At the OsGn1a‐sgRNA01 target site, Cas9 and nCas9‐PmCDA1‐UGI generated 31.6% (6 out of 19 T0 lines) indel frequency and 15.0% (3 out of 30 T0 lines) base‐editing frequency respectively (Figure S2a). At the OsGn1a‐sgRNA02 target site, Cas9 and nCas9‐PmCDA1‐UGI generated comparable editing frequencies: 57.9% (11 out of 19 T0 lines) indel frequency and 56.0% (14 out of 25 T0 lines) respectively (Figure S2a). Genotypic analysis of these edited T0 lines showed that nCas9(D10A)‐PmCDA1, not Cas9, could reliably generate homozygous mutants at the target sites (Figure S2b‐e). Altogether, these data strongly support that CRISPR‐BETS assisted the design of gRNAs for effectively generating homozygous knockout mutants in rice.

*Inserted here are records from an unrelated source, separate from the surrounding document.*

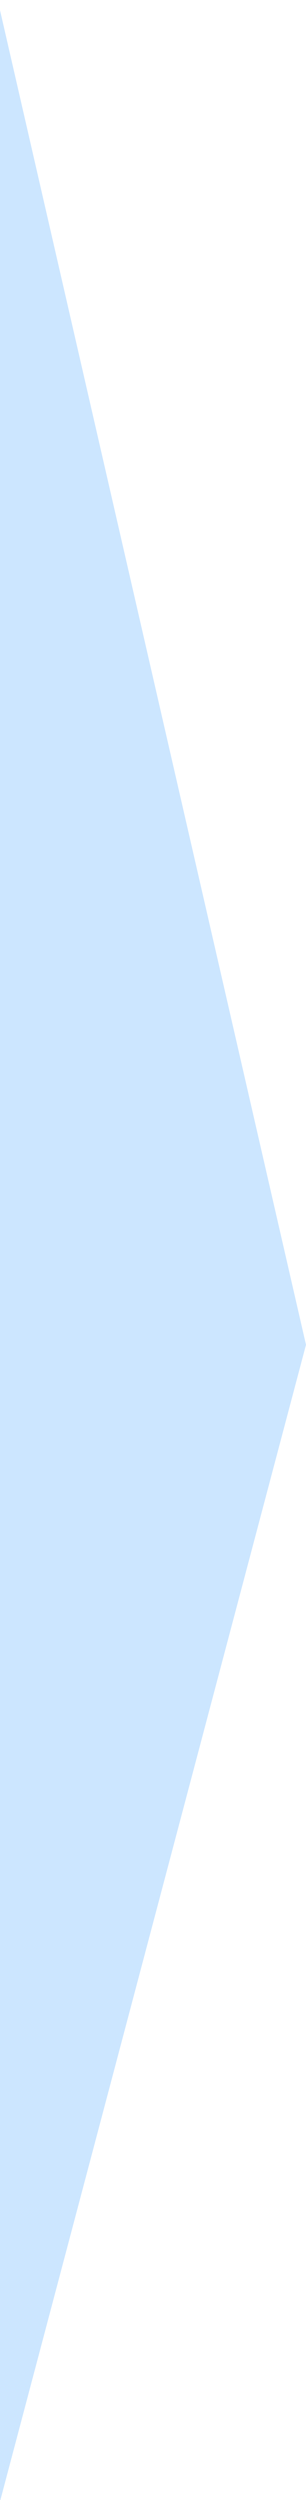 <svg width="24" height="196" viewBox="0 0 24 196" fill="none" xmlns="http://www.w3.org/2000/svg">
<g clip-path="url(#clip0_186_644)">
<g clip-path="url(#clip1_186_644)">
<path fill-rule="evenodd" clip-rule="evenodd" d="M-12.826 0.388L-179.409 -75.826L-339.169 -71.26L-330.254 119.295L-268.838 206.137L-114.825 185.908L-6 233L3.484 101.116L-12.826 0.388Z" fill="#6599FF"/>
</g>
<g clip-path="url(#clip2_186_644)">
<path fill-rule="evenodd" clip-rule="evenodd" d="M53.7 165.931L212.591 229.568L366.184 222.491L360.586 55.541L302.922 -19.44L154.608 1.264L50.952 -38.121L39.597 77.904L53.7 165.931Z" fill="#6599FF"/>
</g>
<path fill-rule="evenodd" clip-rule="evenodd" d="M-6 -25.365L-217.082 -39.2L-342 -14.582V84.507V215.6H-5.155L24 105.433L-6 -25.365Z" fill="#CCE6FF"/>
</g>
<defs>
<clipPath id="clip0_186_644">
<rect width="24" height="196" fill="white"/>
</clipPath>
<clipPath id="clip1_186_644">
<rect width="337.258" height="353.363" fill="white" transform="matrix(0.988 -0.155 0.23 0.973 -374 -65.804)"/>
</clipPath>
<clipPath id="clip2_186_644">
<rect width="325.212" height="308.727" fill="white" transform="matrix(-0.987 0.16 -0.236 -0.972 399.74 217.035)"/>
</clipPath>
</defs>
</svg>

Off‐target analysis of CRISPR‐BETS‐designed gRNAs in rice
A potential advantage of CRISPR‐BETS is its built‐in off‐target analysis capability. In an ideal genome‐editing experiment, high editing efficiency should not be compromised by any potential off‐target editing effects. Hence, it is critical to consider off‐target sites when designing and selecting the gRNAs. We have so far tested five sgRNAs for targeted indels and base editing in rice (Table S2). Among them, four are very specific as no more than two computed off‐target sites by CRISPR‐BETS when allowing for up to two nucleotides mismatch to the protospacers (Figure S3a). Analysis of the top off‐target sites of OsPDS‐sgRNA01 and OsGW2‐sgRNA01 in rice protoplasts indeed did not reveal any detectable mutations at these off‐target sites either by Cas9 or by nCas9‐PmCDA1‐UGI (Figure S3b,c). We genotyped the T0 lines corresponding to Cas9 and nCas9‐PmCDA1‐UGI at editing all these five sites. No off‐target mutations were identified for the selected top off‐target sites (Figure S3d). These results suggest that CRISPR‐BETS‐designed gRNAs are highly specific for genome editing.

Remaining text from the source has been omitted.